In a specific scenario, law enforcement had seized a hacking website. The officials attempted to post an update but lacked the private key of the arrested individual. Consequently, suspicions arose among the website's users since the update couldn't be authenticated. To verify a digital signature, the sender's public key is utilized, ensuring that the message was genuinely sent by the purported sender.
A recent instance resembling this situation involves BreachForums. Despite the owner of the site being arrested, it was relaunched with the original owner signing messages using a PGP key. However, since the owner's arrest raises doubts about the ownership of the PGP key itself—potentially sold or stolen—it questions whether the site is a honeypot or not.
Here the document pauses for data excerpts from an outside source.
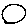
Label: circle
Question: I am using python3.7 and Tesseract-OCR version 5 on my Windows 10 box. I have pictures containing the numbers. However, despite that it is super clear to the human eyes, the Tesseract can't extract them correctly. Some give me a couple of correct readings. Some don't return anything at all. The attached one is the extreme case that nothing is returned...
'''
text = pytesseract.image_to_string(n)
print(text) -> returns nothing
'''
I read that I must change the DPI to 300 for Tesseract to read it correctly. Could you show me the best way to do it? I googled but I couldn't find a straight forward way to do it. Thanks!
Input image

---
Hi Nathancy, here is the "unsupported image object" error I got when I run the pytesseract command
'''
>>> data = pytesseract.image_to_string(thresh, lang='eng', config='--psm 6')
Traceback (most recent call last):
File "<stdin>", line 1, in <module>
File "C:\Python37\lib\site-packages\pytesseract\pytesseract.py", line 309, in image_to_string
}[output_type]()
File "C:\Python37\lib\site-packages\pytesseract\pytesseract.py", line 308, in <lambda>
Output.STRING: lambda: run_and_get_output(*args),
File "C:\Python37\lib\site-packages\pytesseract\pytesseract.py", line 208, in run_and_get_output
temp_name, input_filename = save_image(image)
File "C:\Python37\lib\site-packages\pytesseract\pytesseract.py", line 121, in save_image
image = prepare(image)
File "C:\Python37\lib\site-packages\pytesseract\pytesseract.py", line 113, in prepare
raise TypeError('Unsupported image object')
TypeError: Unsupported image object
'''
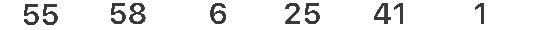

Digital Signature Standard (DSS)
Before we delve deeper into hashing, let's touch on DSS (Digital Signature Standard).
DSS operates in conjunction with one of three asymmetric encryption algorithms:
- Digital Signature Algorithm (DSA)
- Rivest, Shamir, Adleman (RSA)
- Elliptic Curve DSA (ECDSA)
These algorithms form the backbone of DSS, ensuring secure and authenticated digital communications. We'll explore hashing and its significance in the upcoming section.
While DSS primarily works with DSA, it can utilize RSA and ECDSA as alternatives, providing versatility in different cryptographic contexts.